INFORMATION SUPPLIED:

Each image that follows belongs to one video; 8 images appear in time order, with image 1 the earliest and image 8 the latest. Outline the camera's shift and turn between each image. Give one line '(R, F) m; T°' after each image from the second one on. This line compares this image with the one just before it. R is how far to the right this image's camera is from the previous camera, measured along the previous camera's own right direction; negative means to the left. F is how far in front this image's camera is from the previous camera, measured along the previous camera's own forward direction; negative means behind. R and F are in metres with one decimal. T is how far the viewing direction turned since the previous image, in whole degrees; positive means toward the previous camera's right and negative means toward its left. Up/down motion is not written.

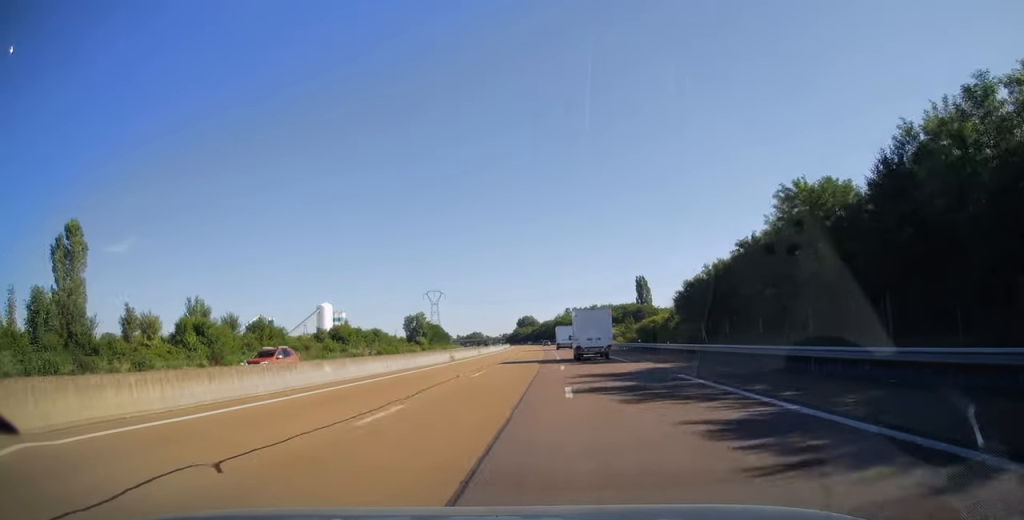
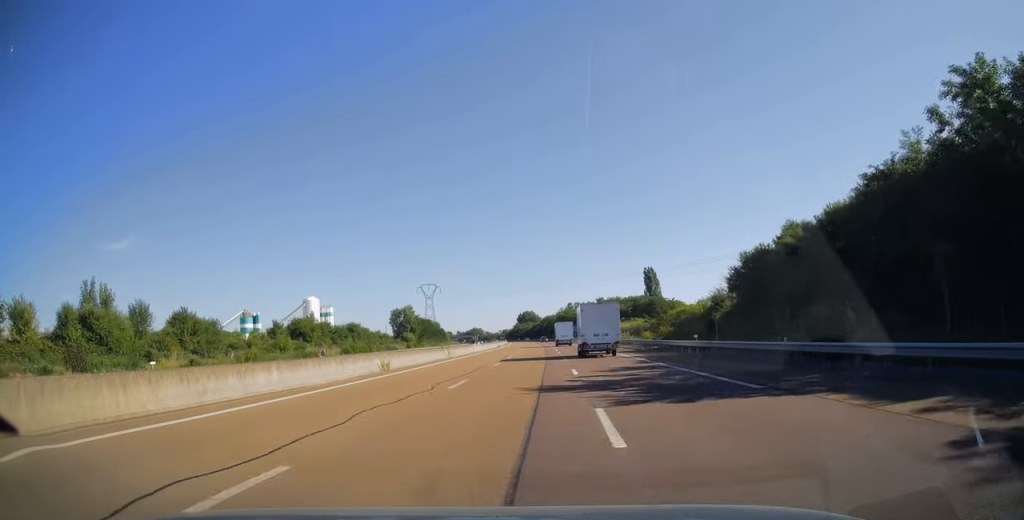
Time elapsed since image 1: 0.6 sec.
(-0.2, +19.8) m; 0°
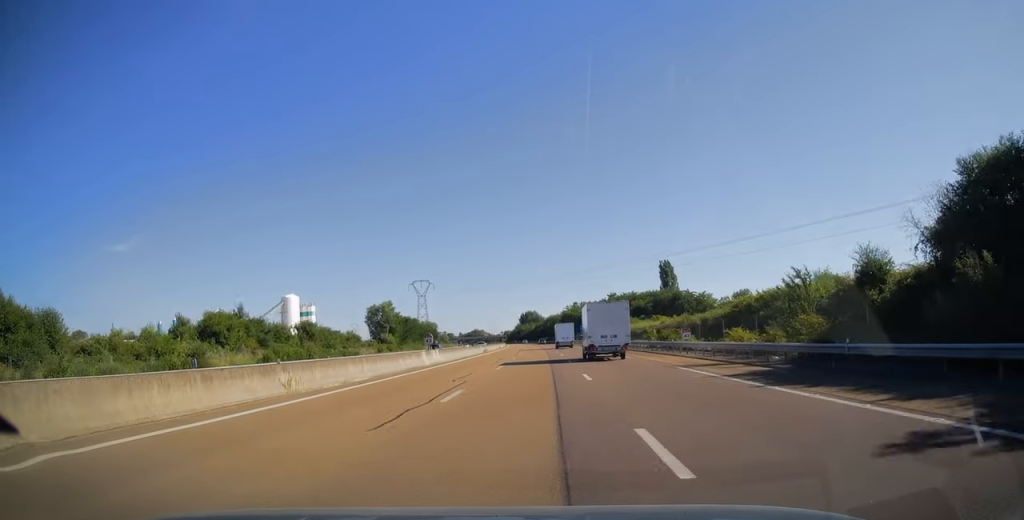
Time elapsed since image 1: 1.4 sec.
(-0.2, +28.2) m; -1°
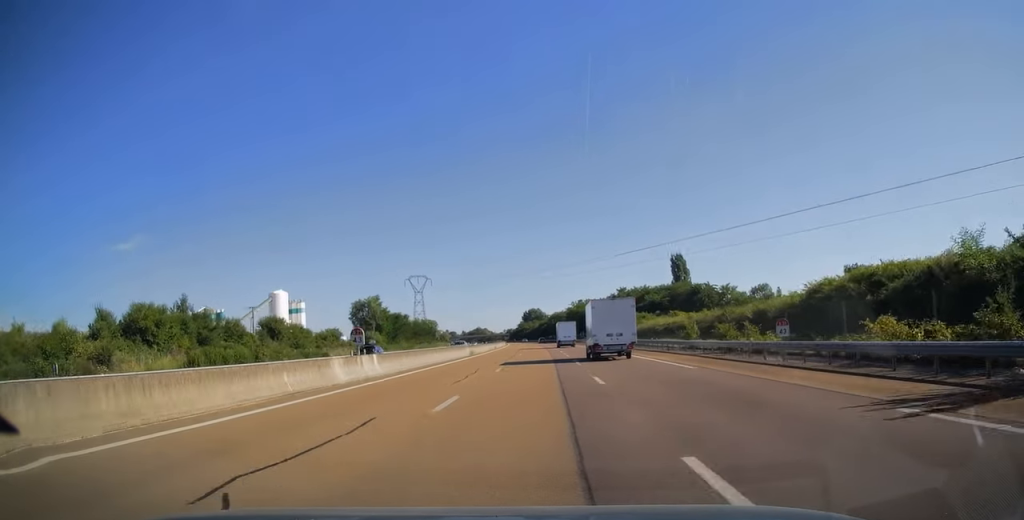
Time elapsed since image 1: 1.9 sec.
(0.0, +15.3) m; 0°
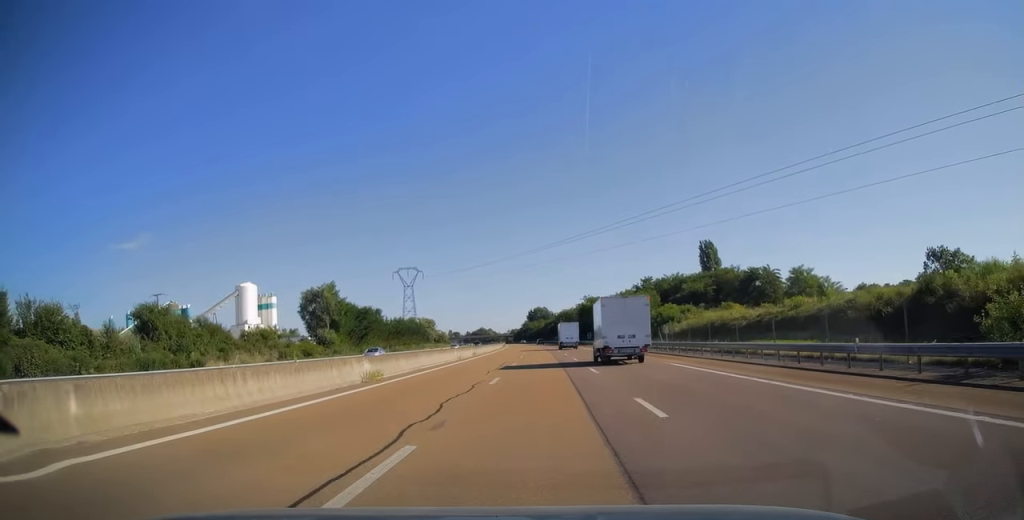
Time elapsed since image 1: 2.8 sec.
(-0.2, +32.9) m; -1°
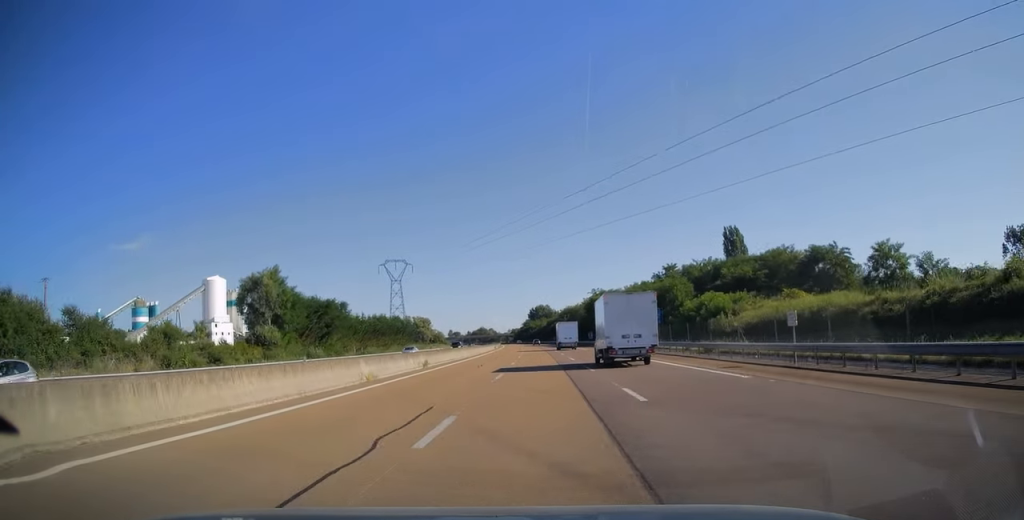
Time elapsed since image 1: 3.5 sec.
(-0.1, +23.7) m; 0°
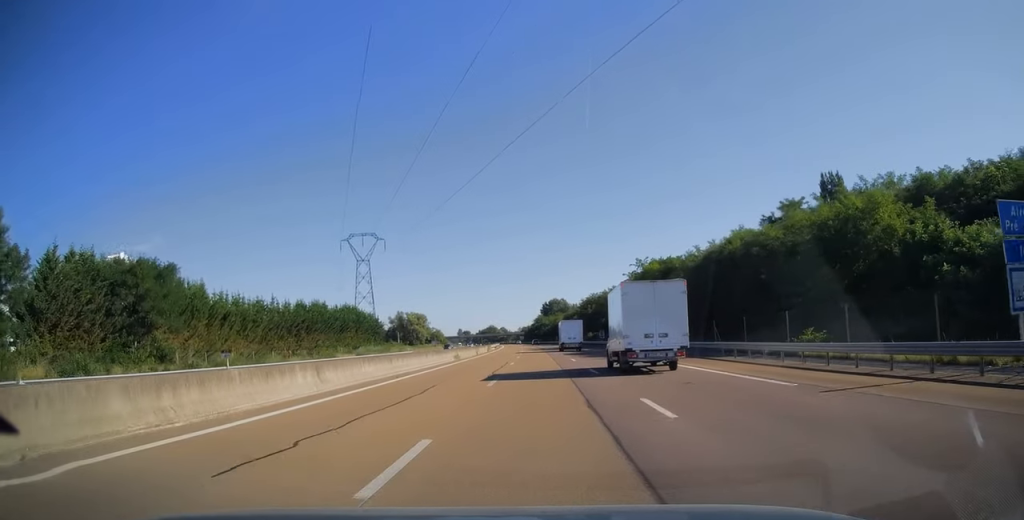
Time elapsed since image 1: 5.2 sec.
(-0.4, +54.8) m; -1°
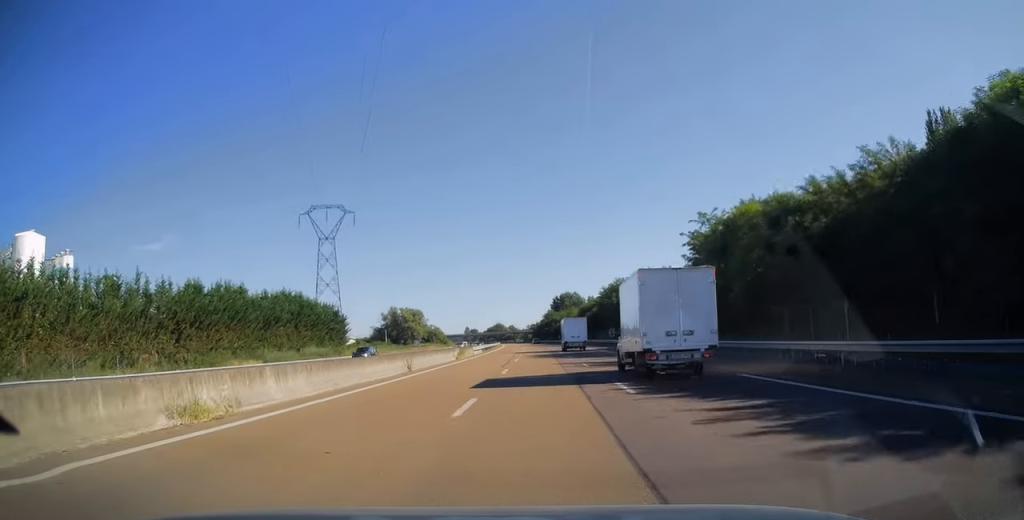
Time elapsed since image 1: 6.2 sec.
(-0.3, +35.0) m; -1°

==

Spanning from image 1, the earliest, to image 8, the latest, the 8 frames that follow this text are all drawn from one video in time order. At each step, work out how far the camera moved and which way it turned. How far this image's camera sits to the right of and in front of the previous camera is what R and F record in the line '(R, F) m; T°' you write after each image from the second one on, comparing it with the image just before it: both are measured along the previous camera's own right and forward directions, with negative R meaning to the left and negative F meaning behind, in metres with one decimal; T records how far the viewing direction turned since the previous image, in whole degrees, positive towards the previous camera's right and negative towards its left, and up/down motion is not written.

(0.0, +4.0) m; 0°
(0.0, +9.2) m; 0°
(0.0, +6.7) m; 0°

==

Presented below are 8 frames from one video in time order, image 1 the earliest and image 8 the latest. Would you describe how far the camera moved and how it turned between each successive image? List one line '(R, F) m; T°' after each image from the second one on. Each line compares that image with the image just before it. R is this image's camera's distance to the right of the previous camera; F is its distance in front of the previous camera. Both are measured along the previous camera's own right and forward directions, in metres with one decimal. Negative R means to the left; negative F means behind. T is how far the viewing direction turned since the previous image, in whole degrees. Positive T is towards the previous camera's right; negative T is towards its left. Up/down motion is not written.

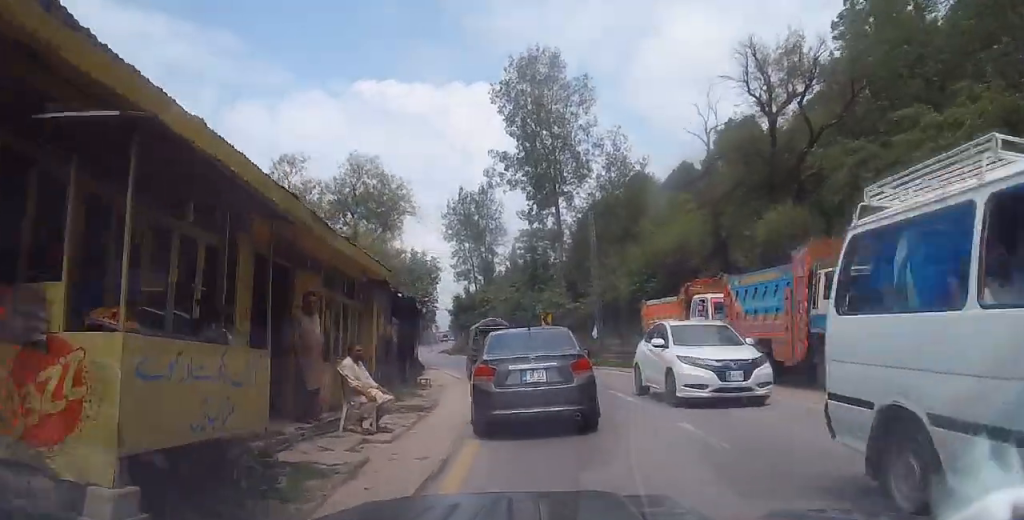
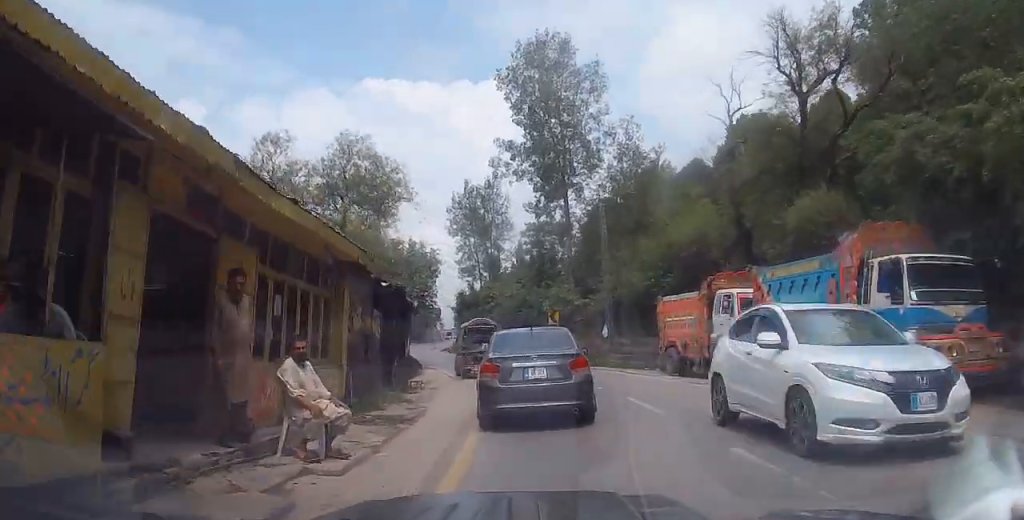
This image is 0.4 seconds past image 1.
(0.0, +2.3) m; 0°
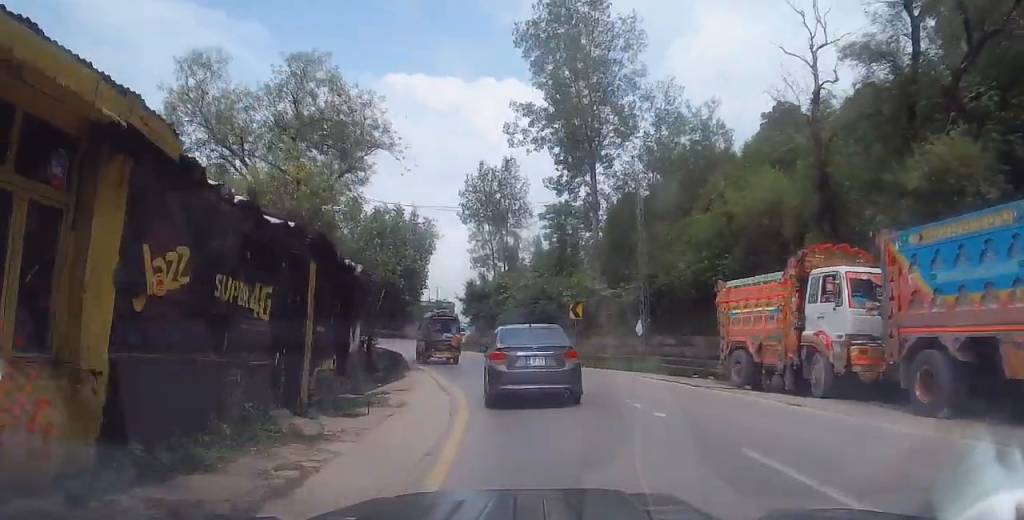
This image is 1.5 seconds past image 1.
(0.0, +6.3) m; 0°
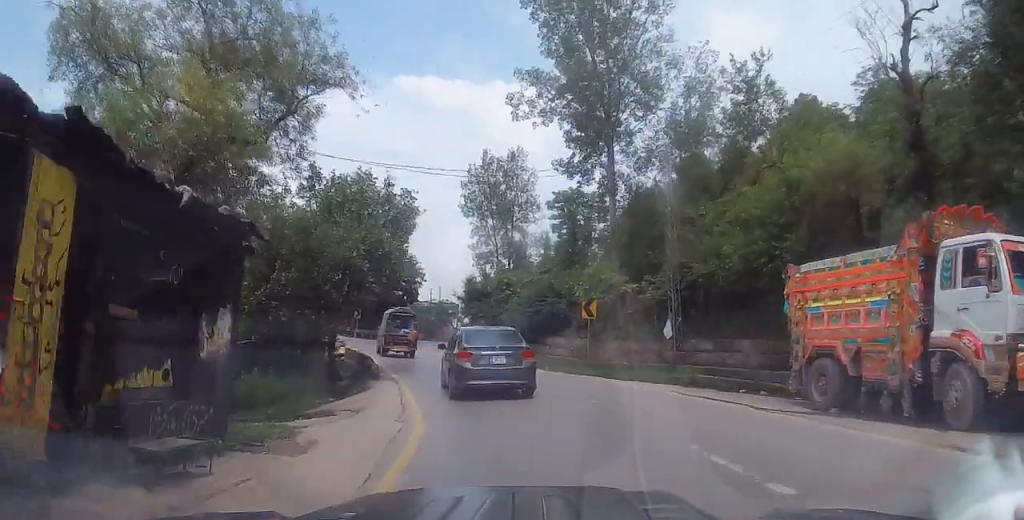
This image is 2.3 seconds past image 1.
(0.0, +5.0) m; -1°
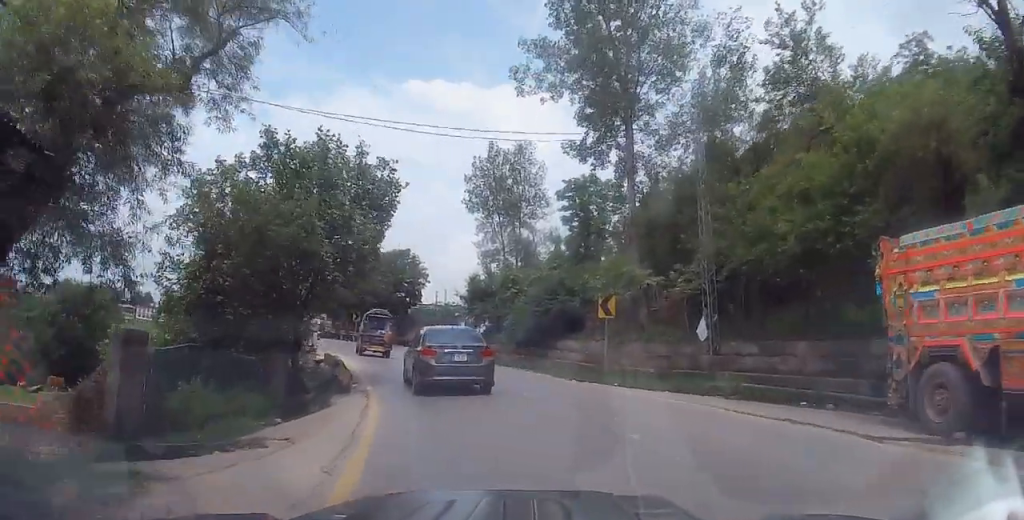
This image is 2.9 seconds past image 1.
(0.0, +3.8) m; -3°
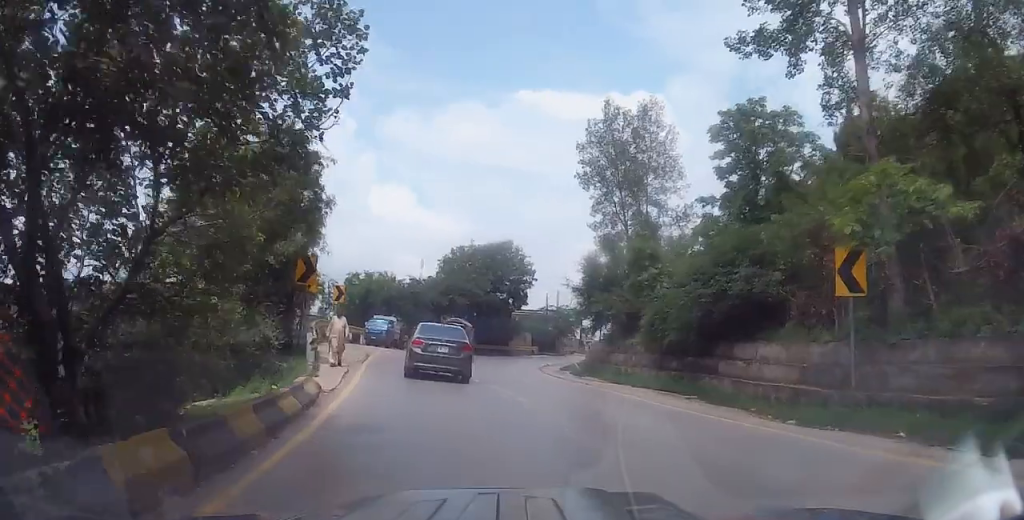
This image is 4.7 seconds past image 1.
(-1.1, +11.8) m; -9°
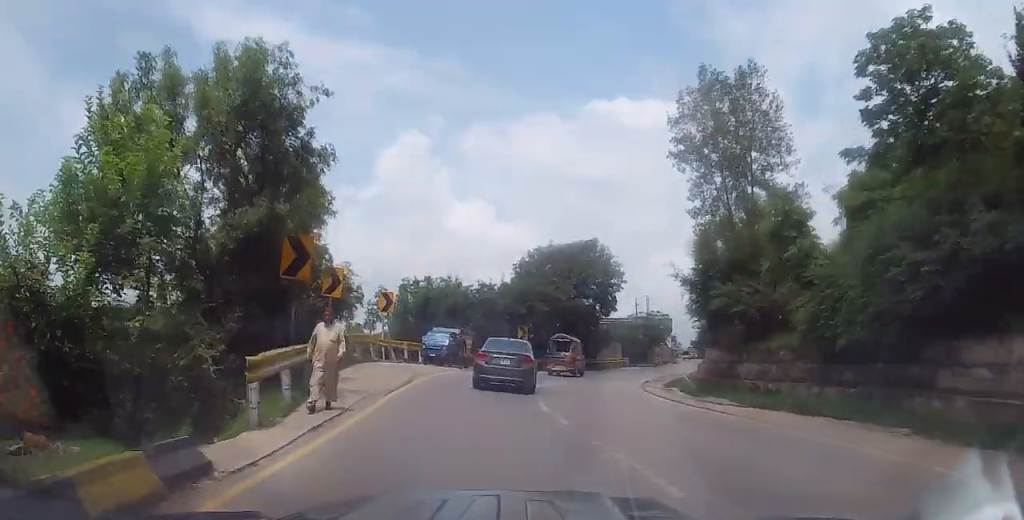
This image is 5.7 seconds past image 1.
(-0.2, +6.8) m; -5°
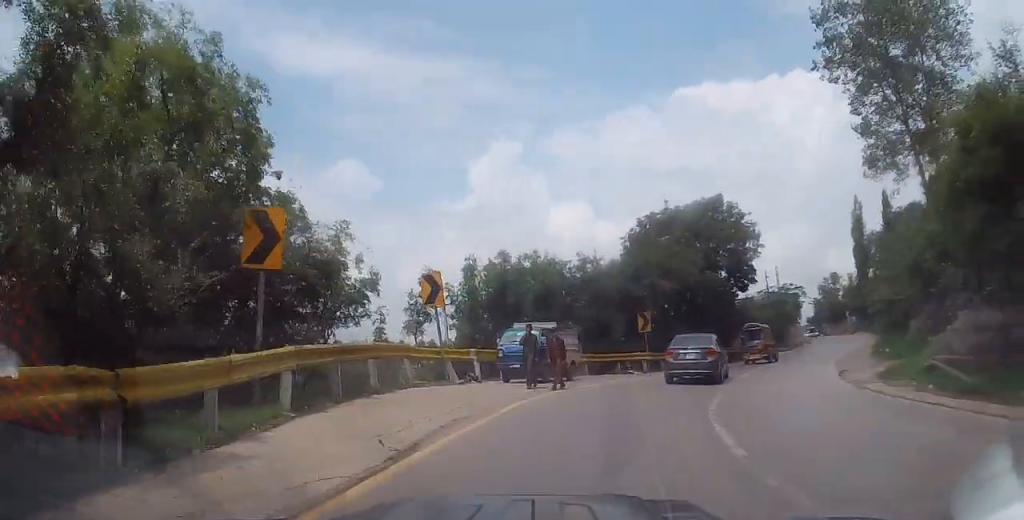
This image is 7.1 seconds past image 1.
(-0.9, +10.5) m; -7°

WHAT YOU NEED TO DO:
Wherever the string "between" occurs in the listing, return the line it sits on.

ANSWER SPACE:
Each image that follows belongs to one video; 8 images appear in time order, with image 1 the earliest and image 8 the latest. Outline the camera's shift and turn between each image. Give one line '(R, F) m; T°' after each image from the second one on. This line compares this image with the one just before it. R is how far to the right this image's camera is from the previous camera, measured along the previous camera's own right direction; negative means to the left. F is how far in front this image's camera is from the previous camera, measured along the previous camera's own forward direction; negative means behind. R and F are in metres with one decimal. T is how far the viewing direction turned since the previous image, in whole degrees; positive means toward the previous camera's right and negative means toward its left. Up/down motion is not written.
Presented below are 8 frames from one video in time order, image 1 the earliest and image 8 the latest. Would you describe how far the camera moved and how it turned between each successive image? List one line '(R, F) m; T°' after each image from the second one on. Each line compares that image with the image just before it. R is this image's camera's distance to the right of the previous camera; F is its distance in front of the previous camera. Both are measured along the previous camera's own right and forward directions, in metres with one decimal. Negative R means to the left; negative F means behind. T is how far the viewing direction turned since the previous image, in whole degrees. Positive T is towards the previous camera's right; negative T is towards its left. Up/down motion is not written.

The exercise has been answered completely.